_Your instructions_. Each line that includes "grass" must be copied from the records.

_Extracted data_.
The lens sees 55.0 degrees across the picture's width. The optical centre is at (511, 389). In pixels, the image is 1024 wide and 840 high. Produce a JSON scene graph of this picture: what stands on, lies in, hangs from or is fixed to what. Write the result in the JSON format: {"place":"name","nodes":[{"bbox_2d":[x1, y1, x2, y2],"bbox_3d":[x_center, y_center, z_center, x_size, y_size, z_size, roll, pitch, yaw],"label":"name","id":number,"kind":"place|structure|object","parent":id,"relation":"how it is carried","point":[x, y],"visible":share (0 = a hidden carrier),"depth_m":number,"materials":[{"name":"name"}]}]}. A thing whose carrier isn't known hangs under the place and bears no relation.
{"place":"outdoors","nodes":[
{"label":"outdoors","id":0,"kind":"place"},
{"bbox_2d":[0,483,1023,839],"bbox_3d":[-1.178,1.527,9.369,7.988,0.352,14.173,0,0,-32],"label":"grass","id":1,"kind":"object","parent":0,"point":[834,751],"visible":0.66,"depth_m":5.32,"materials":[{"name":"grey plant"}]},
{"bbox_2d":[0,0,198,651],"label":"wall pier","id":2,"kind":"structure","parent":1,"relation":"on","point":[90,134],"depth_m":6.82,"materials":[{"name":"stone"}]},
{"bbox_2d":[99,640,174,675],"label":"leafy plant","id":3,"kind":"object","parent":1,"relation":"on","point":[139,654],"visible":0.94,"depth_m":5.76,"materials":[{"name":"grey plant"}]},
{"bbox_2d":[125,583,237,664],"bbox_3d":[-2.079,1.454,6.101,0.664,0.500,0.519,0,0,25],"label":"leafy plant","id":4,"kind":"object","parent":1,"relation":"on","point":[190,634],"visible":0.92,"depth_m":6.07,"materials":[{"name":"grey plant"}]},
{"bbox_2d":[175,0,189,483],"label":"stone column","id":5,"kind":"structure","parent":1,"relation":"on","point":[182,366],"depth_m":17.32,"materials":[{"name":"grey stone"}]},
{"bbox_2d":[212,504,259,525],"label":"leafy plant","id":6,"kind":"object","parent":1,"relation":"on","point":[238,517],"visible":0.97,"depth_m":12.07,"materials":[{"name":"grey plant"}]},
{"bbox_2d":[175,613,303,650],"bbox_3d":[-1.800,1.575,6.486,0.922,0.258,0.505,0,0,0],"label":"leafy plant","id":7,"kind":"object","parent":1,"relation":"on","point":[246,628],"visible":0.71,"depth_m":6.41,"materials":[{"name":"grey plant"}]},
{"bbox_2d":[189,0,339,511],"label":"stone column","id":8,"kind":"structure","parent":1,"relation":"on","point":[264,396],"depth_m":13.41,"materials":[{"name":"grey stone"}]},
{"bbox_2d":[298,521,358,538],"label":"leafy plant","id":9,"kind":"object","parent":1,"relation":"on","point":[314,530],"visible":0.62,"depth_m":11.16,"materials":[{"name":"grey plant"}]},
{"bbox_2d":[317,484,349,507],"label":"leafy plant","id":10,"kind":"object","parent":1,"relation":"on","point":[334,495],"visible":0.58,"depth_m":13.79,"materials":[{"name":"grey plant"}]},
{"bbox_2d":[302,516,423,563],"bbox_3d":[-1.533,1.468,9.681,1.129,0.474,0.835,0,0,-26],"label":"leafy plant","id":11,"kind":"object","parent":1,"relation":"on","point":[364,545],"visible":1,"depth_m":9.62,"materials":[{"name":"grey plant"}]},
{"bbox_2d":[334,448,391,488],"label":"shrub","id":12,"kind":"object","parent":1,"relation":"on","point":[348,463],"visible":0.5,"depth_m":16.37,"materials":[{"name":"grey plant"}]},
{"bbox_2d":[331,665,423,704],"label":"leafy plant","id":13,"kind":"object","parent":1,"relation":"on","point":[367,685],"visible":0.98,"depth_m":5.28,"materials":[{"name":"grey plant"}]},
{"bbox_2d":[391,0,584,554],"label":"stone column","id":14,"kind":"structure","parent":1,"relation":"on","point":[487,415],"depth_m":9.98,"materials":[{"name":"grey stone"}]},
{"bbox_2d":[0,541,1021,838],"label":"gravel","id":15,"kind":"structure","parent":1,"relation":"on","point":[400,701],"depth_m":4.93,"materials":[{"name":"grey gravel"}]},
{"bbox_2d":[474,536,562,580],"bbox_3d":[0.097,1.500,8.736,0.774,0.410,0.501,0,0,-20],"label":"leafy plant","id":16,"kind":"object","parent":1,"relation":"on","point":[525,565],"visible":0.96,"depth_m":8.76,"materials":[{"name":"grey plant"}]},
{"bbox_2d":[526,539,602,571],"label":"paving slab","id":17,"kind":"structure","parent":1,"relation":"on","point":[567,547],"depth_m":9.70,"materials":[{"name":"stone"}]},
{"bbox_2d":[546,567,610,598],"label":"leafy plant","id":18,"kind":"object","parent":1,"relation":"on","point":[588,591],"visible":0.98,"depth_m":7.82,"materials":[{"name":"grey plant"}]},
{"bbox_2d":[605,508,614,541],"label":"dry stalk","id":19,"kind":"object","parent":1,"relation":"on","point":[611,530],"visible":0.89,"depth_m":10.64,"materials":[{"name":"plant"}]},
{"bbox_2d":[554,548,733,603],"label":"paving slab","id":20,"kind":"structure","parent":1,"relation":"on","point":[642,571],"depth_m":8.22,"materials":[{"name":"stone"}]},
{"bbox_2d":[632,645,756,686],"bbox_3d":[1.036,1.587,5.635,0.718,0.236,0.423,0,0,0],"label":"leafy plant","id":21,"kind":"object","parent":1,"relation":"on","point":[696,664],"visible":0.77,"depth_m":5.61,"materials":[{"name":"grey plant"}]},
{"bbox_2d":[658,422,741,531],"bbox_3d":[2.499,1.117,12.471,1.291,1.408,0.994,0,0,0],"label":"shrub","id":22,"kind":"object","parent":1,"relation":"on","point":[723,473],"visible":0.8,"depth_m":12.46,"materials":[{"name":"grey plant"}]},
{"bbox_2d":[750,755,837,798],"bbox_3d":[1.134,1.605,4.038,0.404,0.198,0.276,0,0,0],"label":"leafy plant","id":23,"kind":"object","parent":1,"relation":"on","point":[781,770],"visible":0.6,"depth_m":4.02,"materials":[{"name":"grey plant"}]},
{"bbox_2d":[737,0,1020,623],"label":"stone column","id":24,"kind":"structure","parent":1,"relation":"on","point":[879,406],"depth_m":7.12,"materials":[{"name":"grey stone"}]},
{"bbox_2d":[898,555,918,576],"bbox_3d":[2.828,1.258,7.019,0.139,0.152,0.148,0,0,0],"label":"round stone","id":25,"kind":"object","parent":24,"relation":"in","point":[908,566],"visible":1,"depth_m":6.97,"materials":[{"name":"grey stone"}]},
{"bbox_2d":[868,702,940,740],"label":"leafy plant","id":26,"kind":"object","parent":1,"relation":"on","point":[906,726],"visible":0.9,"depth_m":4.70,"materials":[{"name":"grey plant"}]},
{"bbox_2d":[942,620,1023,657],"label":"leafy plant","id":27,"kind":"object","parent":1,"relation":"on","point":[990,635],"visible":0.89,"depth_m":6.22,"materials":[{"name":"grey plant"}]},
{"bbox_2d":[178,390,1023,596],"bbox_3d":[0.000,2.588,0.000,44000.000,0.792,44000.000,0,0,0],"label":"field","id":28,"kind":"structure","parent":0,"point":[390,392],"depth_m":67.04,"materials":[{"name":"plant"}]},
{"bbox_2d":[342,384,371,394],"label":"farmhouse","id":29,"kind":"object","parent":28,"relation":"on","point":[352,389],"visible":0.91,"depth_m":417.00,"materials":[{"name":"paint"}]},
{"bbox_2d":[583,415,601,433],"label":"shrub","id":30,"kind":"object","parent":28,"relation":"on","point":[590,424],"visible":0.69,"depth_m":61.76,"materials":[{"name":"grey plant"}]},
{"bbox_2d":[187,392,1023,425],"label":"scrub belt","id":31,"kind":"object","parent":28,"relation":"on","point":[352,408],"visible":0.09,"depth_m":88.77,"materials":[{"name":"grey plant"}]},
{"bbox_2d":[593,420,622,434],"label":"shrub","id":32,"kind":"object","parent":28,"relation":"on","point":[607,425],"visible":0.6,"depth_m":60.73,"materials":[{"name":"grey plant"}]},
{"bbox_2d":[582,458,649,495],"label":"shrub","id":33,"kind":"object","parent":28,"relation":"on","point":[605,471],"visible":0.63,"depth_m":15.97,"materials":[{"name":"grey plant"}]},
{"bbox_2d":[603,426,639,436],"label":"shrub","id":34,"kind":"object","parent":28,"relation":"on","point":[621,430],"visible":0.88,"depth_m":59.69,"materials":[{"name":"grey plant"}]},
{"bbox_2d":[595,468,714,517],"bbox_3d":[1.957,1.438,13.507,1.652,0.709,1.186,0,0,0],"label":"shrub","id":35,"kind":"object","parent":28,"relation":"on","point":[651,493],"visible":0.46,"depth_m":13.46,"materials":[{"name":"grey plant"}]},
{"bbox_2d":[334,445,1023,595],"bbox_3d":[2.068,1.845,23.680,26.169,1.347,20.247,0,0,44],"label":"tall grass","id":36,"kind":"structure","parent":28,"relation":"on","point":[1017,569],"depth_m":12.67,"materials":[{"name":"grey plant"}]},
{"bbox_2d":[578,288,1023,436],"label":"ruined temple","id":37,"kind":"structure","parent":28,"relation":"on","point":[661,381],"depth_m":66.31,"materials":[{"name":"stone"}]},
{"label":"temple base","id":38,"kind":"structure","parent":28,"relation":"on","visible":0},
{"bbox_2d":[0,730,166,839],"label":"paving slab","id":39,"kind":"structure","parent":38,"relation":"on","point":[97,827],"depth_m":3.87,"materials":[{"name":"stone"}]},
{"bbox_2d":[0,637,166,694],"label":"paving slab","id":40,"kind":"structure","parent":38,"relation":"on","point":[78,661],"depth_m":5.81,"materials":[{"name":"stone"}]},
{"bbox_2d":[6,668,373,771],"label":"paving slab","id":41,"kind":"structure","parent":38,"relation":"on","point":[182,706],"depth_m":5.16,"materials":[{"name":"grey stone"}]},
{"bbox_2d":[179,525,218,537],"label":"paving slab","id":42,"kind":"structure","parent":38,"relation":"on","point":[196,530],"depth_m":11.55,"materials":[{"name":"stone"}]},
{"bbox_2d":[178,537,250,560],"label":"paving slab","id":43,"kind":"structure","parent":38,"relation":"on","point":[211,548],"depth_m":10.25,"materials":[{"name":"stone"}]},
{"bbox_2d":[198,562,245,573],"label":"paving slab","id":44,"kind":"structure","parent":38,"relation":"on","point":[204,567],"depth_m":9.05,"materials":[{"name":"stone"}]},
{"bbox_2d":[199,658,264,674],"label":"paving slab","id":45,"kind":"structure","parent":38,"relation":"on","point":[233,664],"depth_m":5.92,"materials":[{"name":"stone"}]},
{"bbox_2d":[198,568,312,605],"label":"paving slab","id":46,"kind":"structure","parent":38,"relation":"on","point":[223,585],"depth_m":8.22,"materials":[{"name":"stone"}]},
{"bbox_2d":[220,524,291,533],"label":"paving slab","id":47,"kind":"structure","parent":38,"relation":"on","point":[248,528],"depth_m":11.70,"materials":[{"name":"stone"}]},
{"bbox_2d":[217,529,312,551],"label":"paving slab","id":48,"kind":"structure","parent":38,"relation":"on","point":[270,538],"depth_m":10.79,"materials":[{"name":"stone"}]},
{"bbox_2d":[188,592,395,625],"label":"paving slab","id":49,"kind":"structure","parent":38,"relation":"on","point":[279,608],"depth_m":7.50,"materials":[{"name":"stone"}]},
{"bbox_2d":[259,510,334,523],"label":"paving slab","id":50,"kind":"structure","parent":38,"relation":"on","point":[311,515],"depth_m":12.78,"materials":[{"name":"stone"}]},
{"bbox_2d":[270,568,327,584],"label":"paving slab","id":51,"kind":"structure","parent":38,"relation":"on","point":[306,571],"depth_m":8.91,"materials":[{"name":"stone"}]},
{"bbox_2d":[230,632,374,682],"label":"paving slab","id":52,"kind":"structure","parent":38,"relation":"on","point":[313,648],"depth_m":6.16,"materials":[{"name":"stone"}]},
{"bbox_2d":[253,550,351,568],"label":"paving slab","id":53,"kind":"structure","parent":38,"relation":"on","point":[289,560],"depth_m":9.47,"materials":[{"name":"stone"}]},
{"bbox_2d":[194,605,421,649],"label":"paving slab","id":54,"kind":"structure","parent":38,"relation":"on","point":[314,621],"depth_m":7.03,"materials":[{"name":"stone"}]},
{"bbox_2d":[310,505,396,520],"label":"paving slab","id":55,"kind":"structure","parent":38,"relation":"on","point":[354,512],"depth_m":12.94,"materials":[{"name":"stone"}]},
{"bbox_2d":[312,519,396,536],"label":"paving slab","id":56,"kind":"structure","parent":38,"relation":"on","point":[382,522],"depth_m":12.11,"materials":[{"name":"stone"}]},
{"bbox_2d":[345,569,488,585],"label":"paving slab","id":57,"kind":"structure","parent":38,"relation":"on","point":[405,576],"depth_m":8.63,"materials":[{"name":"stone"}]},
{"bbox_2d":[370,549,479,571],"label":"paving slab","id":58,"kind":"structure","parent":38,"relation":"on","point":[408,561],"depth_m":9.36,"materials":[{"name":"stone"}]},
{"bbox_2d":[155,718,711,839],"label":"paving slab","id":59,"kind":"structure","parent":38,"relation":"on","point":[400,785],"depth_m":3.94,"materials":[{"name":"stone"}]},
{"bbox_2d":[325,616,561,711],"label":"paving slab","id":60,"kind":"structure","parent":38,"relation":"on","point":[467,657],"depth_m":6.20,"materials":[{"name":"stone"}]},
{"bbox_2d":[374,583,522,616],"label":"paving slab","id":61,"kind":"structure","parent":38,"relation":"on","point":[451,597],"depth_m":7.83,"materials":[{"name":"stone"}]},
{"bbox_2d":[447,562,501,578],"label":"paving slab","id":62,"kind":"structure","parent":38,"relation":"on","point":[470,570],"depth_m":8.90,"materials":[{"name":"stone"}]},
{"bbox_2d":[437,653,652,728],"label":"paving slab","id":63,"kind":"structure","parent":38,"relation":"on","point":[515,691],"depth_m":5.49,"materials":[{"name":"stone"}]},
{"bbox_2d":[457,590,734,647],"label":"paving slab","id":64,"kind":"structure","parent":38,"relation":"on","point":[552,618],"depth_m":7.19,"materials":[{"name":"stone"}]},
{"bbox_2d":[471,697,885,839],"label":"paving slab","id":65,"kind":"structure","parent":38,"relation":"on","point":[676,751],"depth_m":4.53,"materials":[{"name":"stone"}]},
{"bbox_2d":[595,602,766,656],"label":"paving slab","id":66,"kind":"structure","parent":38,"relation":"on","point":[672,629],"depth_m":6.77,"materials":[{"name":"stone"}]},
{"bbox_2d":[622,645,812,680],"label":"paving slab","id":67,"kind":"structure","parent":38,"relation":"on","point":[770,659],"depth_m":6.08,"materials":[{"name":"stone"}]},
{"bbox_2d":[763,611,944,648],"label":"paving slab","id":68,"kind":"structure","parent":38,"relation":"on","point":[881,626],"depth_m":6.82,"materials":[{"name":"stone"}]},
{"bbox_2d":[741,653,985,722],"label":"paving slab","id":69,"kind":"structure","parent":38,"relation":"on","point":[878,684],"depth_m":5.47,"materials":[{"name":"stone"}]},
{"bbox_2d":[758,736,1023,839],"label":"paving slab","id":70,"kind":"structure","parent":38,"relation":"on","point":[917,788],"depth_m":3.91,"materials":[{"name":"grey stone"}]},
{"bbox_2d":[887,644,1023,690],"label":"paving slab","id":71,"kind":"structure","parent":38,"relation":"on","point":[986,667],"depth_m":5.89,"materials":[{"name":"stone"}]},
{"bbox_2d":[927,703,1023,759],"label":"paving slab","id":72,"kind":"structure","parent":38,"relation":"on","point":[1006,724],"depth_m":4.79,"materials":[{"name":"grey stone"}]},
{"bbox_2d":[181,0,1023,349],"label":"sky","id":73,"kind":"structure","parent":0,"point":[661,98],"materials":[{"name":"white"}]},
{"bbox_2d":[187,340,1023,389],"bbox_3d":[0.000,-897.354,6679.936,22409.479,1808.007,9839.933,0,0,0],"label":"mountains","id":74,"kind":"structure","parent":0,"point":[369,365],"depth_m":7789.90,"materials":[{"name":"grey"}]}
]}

_Response area_.
{"bbox_2d":[0,483,1023,839],"bbox_3d":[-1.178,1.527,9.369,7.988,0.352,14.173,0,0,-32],"label":"grass","id":1,"kind":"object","parent":0,"point":[834,751],"visible":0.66,"depth_m":5.32,"materials":[{"name":"grey plant"}]},
{"bbox_2d":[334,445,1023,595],"bbox_3d":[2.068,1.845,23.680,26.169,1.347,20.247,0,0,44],"label":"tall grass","id":36,"kind":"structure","parent":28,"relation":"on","point":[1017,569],"depth_m":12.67,"materials":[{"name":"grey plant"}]},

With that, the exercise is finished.